The author would like to acknowledge Dr. Tim Clapp, Dr. Michael Slocum, Dr. William Oxenham, Dr. Jon Rust, and Jaime Hayden for their contributions to the case study and editing the content for the paper.

References

(1) Domb E., Strategic TRIZ and Tactical TRIZ: Using the Technology Evolution Tools, TRIZ Journal, January 2001.

(2) Mueller G., Accurately and Rapidly Predicting Next-generation Product Breakthroughs in the Medical-devices, Disposable Shaving Systems, and Cosmetics Industries, TRIZ Journal, March 1999.

(3) Altshuller G.S., Creativity as an Exact Science, NY Gordon and Breach, 1988.

(4) Mann D., Using S-curves and Trends of Evolution in R&D Strategy Planning, TRIZ Journal, July 1999.

(5) Zainiev D., Triz in Progress, Ideation Research Group, p. 30 and p. 235, February 1999.

(6) Fey V. and Rivin E., Guided Technology Evolution (TRIZ Technology Forecasting), TRIZ Journal, January 1999.

(7) Kaplan S., An Introduction to TRIZ The Russian Theory of Inventive Problem Solving, Ideation International, 1996.

(8) Terninko J., Zusman A., and Zlotin B., Step by Step TRIZ: Creating Innovative Solution Concepts, Responsible Management Inc., 3rd edition, 1996.

(9) Schlafhorst, Autocoro automatic rotor spinning and winding machines-Profitable investment in modern machinery for production of high-quality rotor yarns, advertising book, p.13, viewed on September 1999.

(10) Personal discussion with Dr. Rust and Dr. Oxenham, North Carolina State University, September 1999.

(11) ITMF, Open-end Reports on “Shipment of spindles in the world” from years 1988 – 1998.

Appendix 1: Guidelines for assigning levels of innovation

Level 1: Standard solution:

· 32% of the solutions overall patents are a level one.

· Usually, it takes less than 10 trials to find the right solution.

· The solution resides within the discipline of engineer. It is a narrow extension or improvement of an existing system, which is not substantially changed

· It has no influence (or consequence) on science.

· EX: Use of a special lubricant in the spin box.

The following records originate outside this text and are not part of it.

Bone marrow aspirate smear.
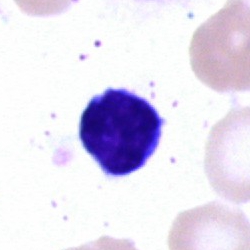

The morphological class is lymphocyte.
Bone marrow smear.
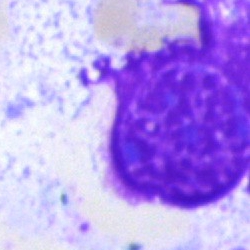This is an artefact.
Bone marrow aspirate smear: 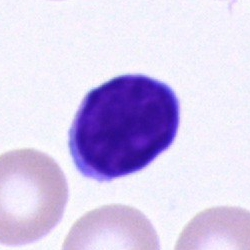
Cell — lymphocyte.
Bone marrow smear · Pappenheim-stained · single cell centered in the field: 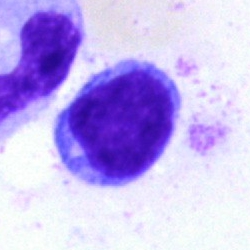
Classification = typical lymphocyte.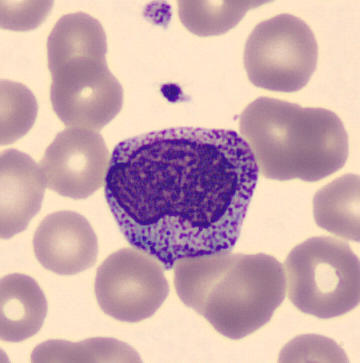Q: Identify the cell.
A: It is a myelocyte.
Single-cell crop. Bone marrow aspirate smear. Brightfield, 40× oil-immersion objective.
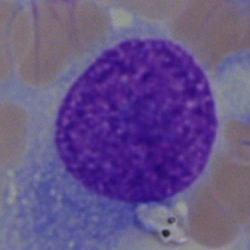
Impression → blast cell.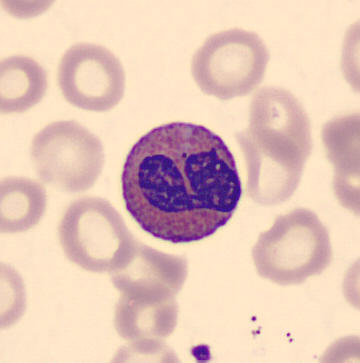 Cell type: eosinophil.
Peripheral blood smear.
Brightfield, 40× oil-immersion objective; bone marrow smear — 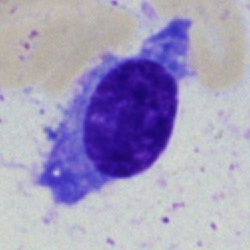

Q: What is the morphological classification of this cell?
A: It is a plasma cell.
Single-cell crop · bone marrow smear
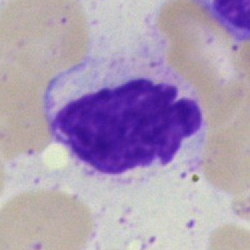

Showing an artifact.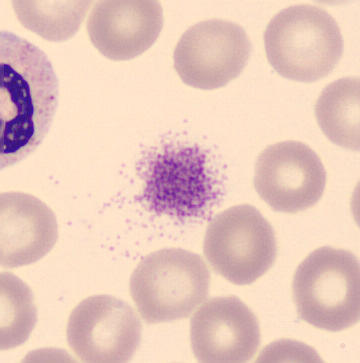 Cell type = thrombocyte.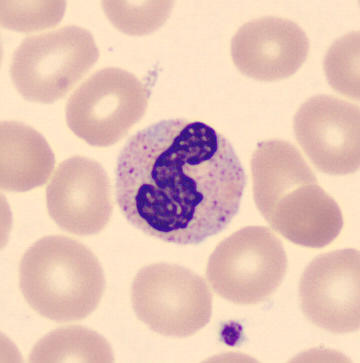

Preparation: Peripheral blood smear. Cell: polymorphonuclear neutrophil.
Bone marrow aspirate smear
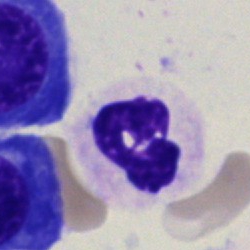 Classification — neutrophil (segmented).
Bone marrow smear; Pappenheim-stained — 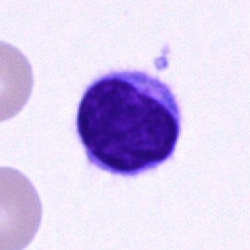
Cell = typical lymphocyte.
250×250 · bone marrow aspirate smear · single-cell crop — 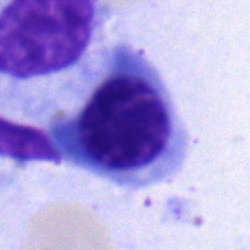
Cell type = nucleated red blood cell.

The solution already exists somewhere else. It is not new. It is not innovative, but it helped the process to run better.

Level 2: Change of a system

· 45% of type of solution

· It takes less than 100 trials to be successful.

· The solution requires trade off studies. There are some improvement but with a compromise. The existing system is slightly changed including new features that lead to definite improvements.

· EX: Geometry of the rotor. It is an engineering type of solution, which improved the overall spinning efficiency. There are still some compromises but it is better than the old design.

Level 3: Innovation

· 18% of the patents, several hundreds of trials.

· The solution is outside the box, in another field of engineering. An inventive contradiction is resolved within the existing system, often through the introduction of some entirely new element.

· EX: To improve rotor lifetime, it was found that it could be coated with a thin layer of diamond. There was a need to know about material science to solve this problem. It required a special knowledge to find it.

Level 4: Invention

· 3.7% of the patents, several thousands of trials before success.

· The solution is found in science, not in technology, among rarely used physical or chemical phenomena.

· EX: Yarn packages are traditionally dyed in water-bathes. Dying them with super critical CO2 fluid is an invention. In this case, the water is not the medium to carry the dye. It is replaced with CO2 fluid, which is not commonly used due to the high-pressure requirements to convert CO2 gas to CO2 liquid. This is a new scientific application to solve an existing problem in the field of textile.

Level 5: Discovery

· 0.3% of the patents in the world.

· The solution is based on a recently discovered phenomenon.

· It is unique. It will greatly influence science and will have thousands of other patents after it.